Parse patent grant and assignment info from USPTO and match with Compustat data.
-
Analysis
- analyze_patent.py: analyze just patent data
- analyze_transfer.py: analyze transfer data with firm match
- analyze_within.py: analyze firm data
-
Parsing raw data files
- parse_grants_all.py: parse all patent grant data (gen1,gen2,gen3) into patents.db
- parse_grants_gen1.py: parse gen1 patent grant data into patents.db
- parse_grants_gen2.py: parse gen2 patent grant data into patents.db
- parse_grants_gen3.py: parse gen3 patent grant data into patents.db
- parse_assign_all.py: parse all patent assignment data into patents.db
- parse_assign_etree.py: parse sax patent assignment data into patents.db
- parse_cites_all.py: parse all citations data (using NBER for pre-2006)
- parse_cites_gen3.py: parse cites from grant data into patents.db
- parse_maint.py: parse patent maintenance data into patents.db
- parse_compustat.py: parse compustat data
- parse_nber_grants.py: parse nber grant info
- parse_nber_info.py: parse ownership info from nber
-
Cleaning patent data
- process_patents.py: fix various issues with patent data
- process_assign.py: flag assignments between the same entity
- process_cites.py: resolve citations at firm level and find self-cites
-
Name matching and firm aggregation
- firm_cluster.py: match firms by name from all data sources
- firm_merge.py: merge all of above into firmyear panel
- fetch patent grant files: grant_files/fetch_grants.py
- fetch patent assignment files: assign_files/fetch_assignments.py
- unzip XML in grant_files/raw:
ls *.zip | xargs -n 1 unzip
- fix malformed XML in grant files: grant_files/fix_grants_gen2.py and grant_files/fix_grants_gen3.py
- patent grants parse: parse_grants_all.py
- patent assignments parse: parse_assign_all.py
- parse compustat: parse_compustat.py
- parse citation data: parse_cites_all.py
- parse maintenance data: parse_maint.py
- merge grants/assignments: process_patents.py
- flag redundant assignments: process_assign.py
- generate firm clusters: firm_cluster.py
- aggregate citation data: process_cites.py
- merge it all together: firm_merge.py
- patents.db:
- patent: (patnum int, filedate text, grantdate text, classone int, classtwo int, owner text)
- assignment: (patnum int, execdate text, recdate text, conveyance text, assignor text, assignee text)

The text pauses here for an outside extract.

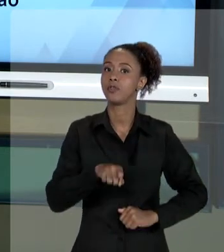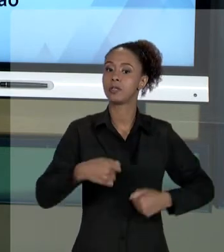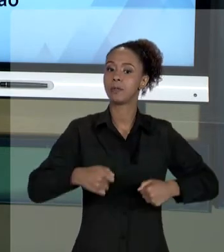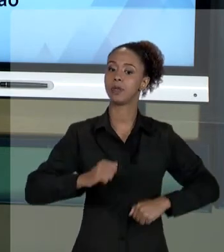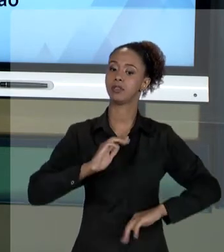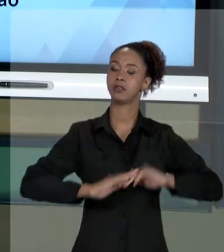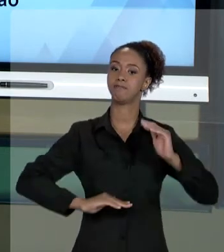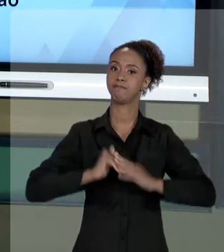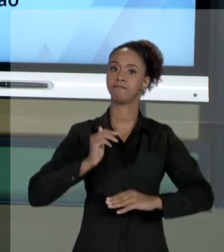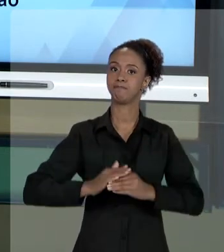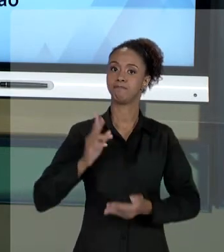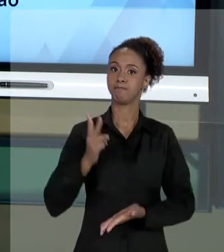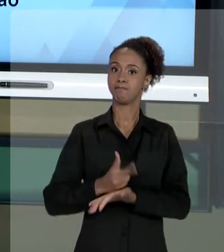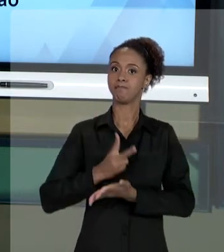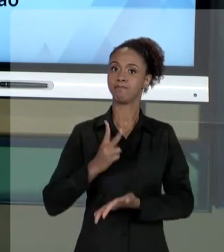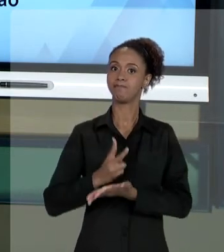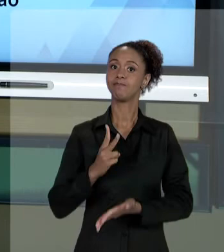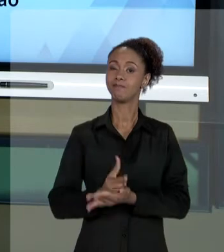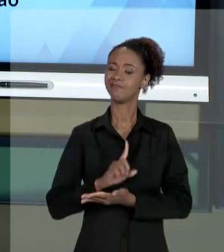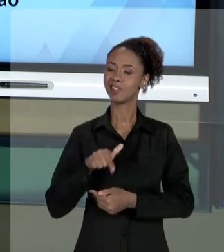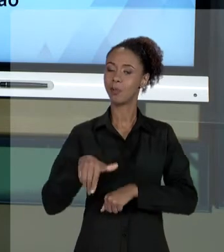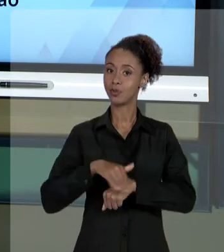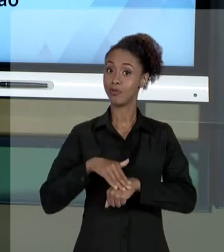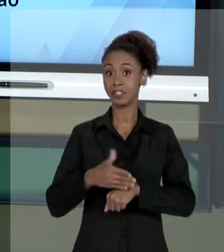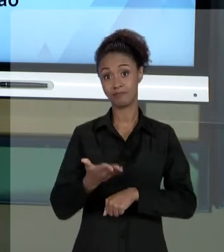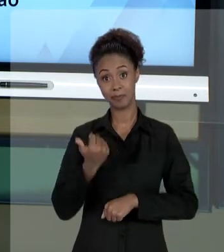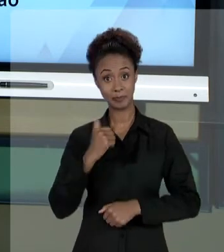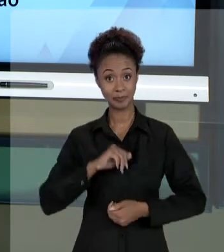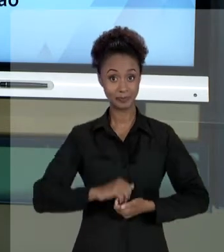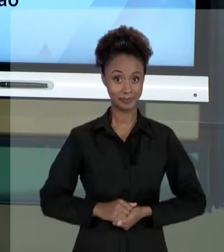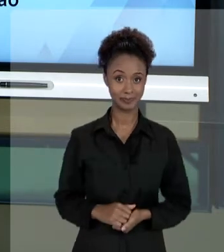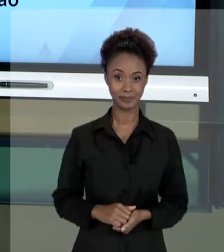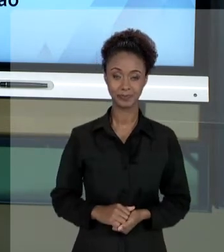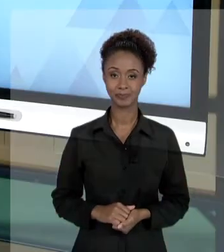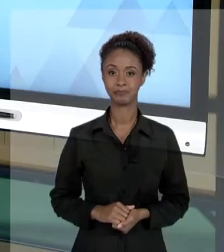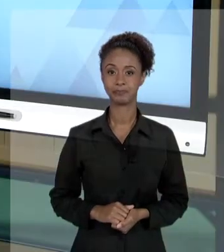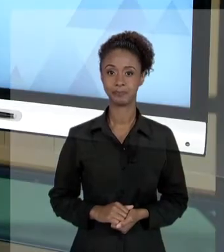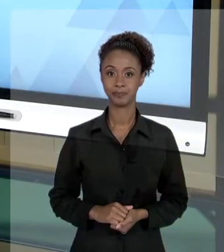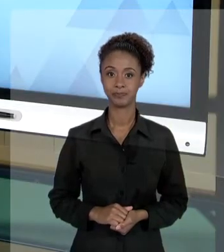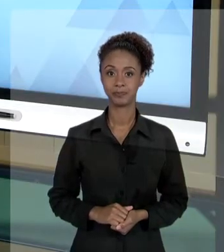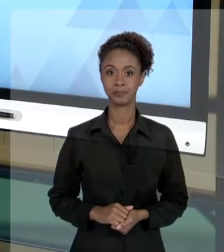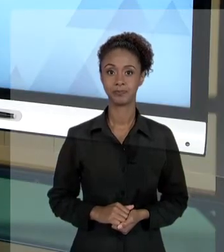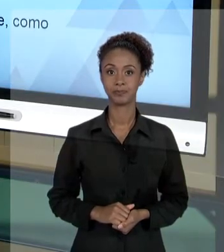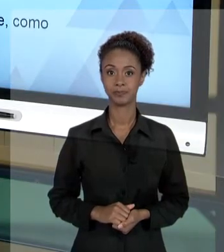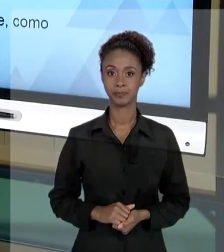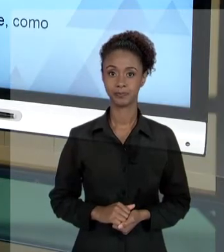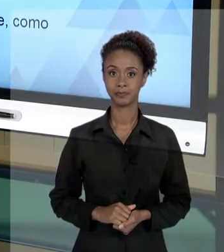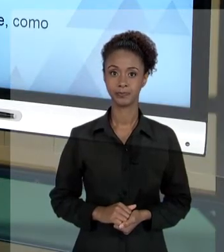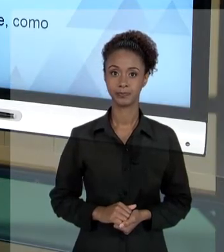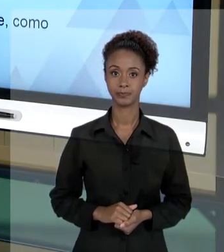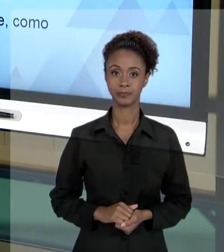ESSE ASSUNTO. VAMOS LÁ? [SILÊNCIO]
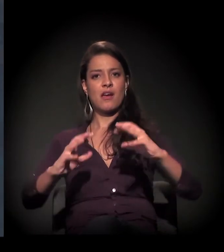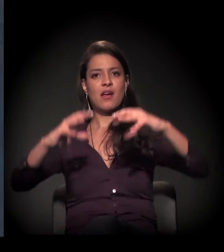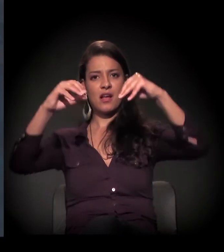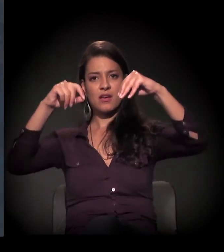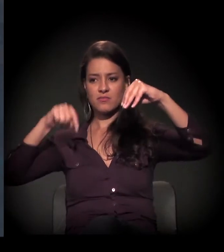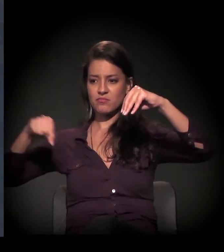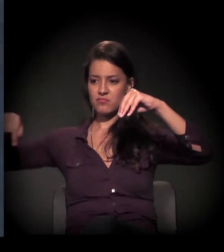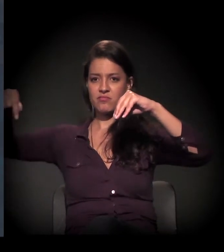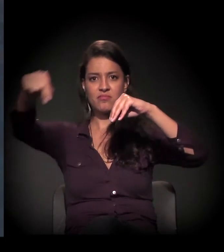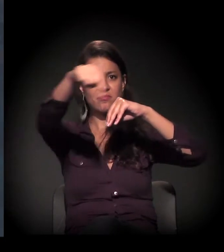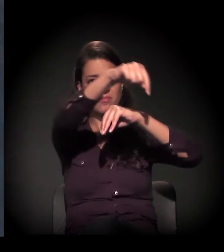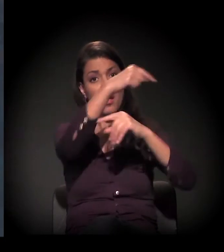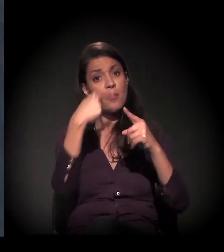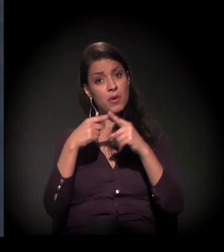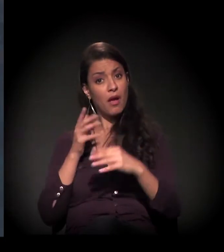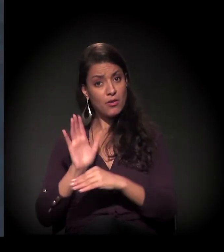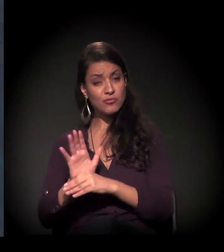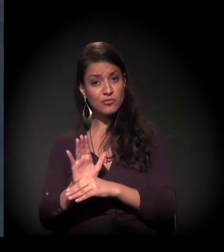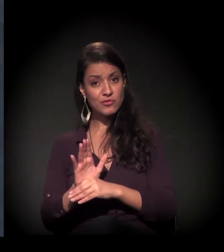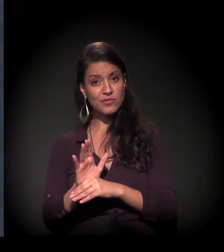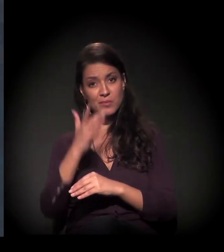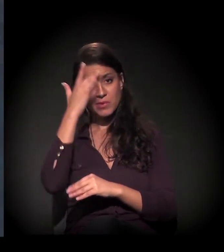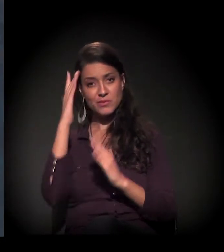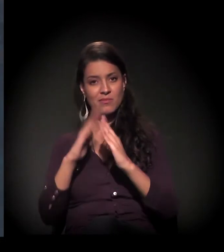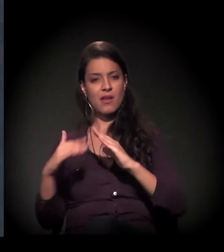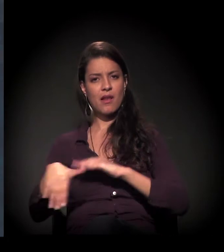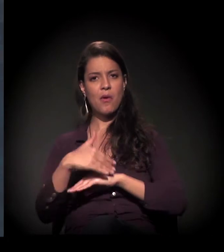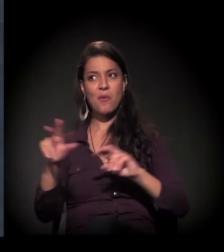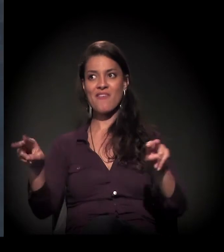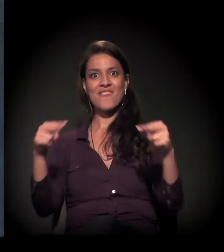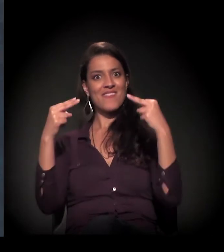porque trabalhamos moradores de rua.

- firmyear_info - final product, merged panel data
- owner_firm (ownerid int, firm_num int) - owner corresponds to unique string, firms are collection of similarly named owners
- assignment_files: patent reassignment data from Google/USPTO
- grant_files: patent grant data from Google/USPTO
- compustat_files: Compustat data since 1950 from WRDS
- other_files:
- naics_co09.csv: concordance between US Patent Classes (USPC) and NAICS codes
- sic_co08.csv: concordance between USPC and SIC codes